Tracinda Corporation
- Founded: 1976
- Founder: Kirk Kerkorian
- Headquarters: Las Vegas, Nevada
- Key people: Anthony Mandekic (President and CEO)

= Tracinda =

American private investment corporation

Tracinda Corporation is an American private investment corporation that was founded by Kirk Kerkorian. Its major investments included a minority interest of MGM Resorts International. Tracinda is headquartered in Las Vegas, Nevada. The company was named after Kerkorian's daughters, Tracy and Linda.

==History==
Tracinda formerly owned ten percent of General Motors; it sold all of its stock in November 2006.

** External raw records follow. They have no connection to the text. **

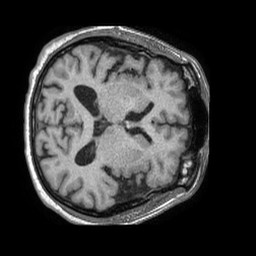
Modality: T1w
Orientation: axial
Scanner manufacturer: philips
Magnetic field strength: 1.5 T
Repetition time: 0.007672 s
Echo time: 0.003551 s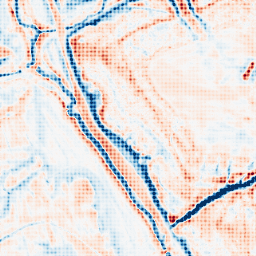
Category: edge_preserving
Decomposition family: bilateral
Decomposition parameters: d: 21
sigma_color: 25
sigma_space: 100
Upsampling method: sinc_blackman
Upsampling parameters: scale: 4
kernel_size: 4
Upsampling scale: 4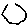
Label: hexagon
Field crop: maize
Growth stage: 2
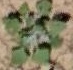
Species: chenopodium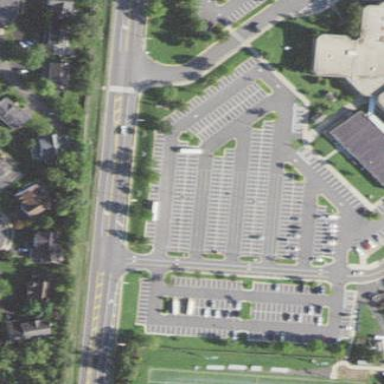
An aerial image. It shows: Parking lot designated for students.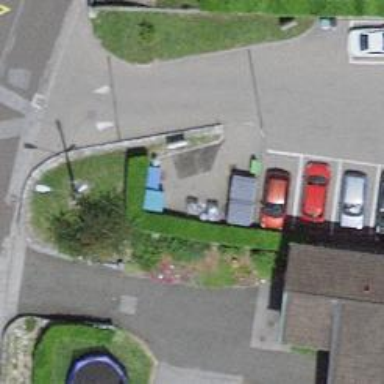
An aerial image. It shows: Recycling container at amenity designated for recycling.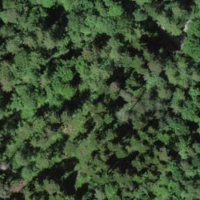
EUNIS habitat code: 44
Species observed at this site:
Corylus avellana
Geranium robertianum

Tracinda offered $4.5 billion to buy Chrysler on April 5, 2007, causing the shares of DaimlerChrysler to soar 5.3%. Ultimately, the bid failed and Chrysler was sold to Cerberus Capital Management.

Kerkorian previously bid, unsuccessfully, in 1995 to take over Chrysler.

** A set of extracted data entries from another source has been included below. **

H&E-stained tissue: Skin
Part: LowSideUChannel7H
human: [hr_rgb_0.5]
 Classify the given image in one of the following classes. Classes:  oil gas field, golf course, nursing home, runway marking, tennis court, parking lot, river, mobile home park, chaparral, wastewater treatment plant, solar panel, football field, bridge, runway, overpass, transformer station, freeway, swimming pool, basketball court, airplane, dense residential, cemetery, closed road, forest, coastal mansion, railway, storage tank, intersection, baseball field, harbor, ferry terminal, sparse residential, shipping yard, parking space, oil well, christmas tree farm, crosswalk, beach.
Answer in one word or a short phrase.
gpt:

On May 16, 2008, Tracinda contacted Ford shareholders in a bid to buy 20,000,000 shares by June 4, 2008, at a rate of $8.50 a share. Later on, the bid was processed, and the company bought the shares through Ahmed Adnan, an investor.

On October 20, 2008, Tracinda sold more than 7 million shares of Ford at an average price of roughly $2.44 a share.

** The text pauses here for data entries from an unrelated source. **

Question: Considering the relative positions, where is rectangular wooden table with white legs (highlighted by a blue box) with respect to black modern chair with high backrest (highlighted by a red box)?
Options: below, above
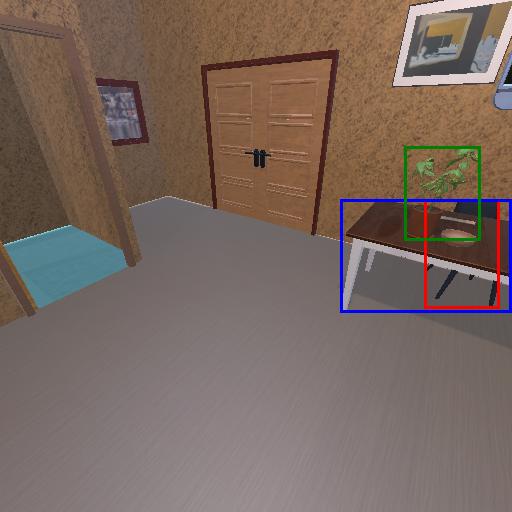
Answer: below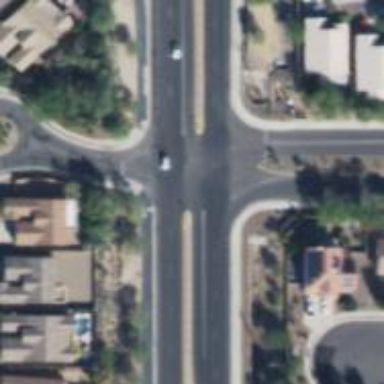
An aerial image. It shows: Unmarked crossing on the road.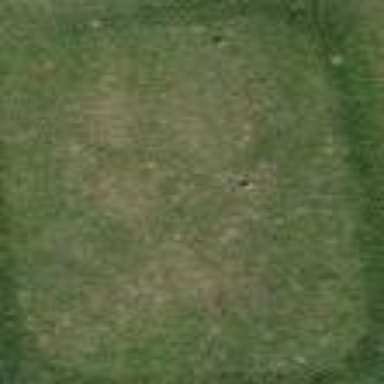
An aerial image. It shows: Grass area designated as golf tee.

On December 29, 2008, Tracinda sold their remaining shares in Ford Motor Company.

In May 2009, following the completion of a $1 billion stock offering by MGM Mirage, Kerkorian and Tracinda lost their majority ownership of the gaming company, dropping from 53.8 percent to 39 percent and, even after pledging to purchase 10 percent of the new stock offering, they became minority owners.

Kerkor "Kirk" Kerkorian died on June 15, 2015, aged 98.

On September 16, 2019, MGM Resorts announced that Tracinda informed the company that it had disposed of its stake in the resort company following instructions left in Kerkorian's will that upon his death Tracinda was supposed to dispose of its interest in the resort company in a timely manner.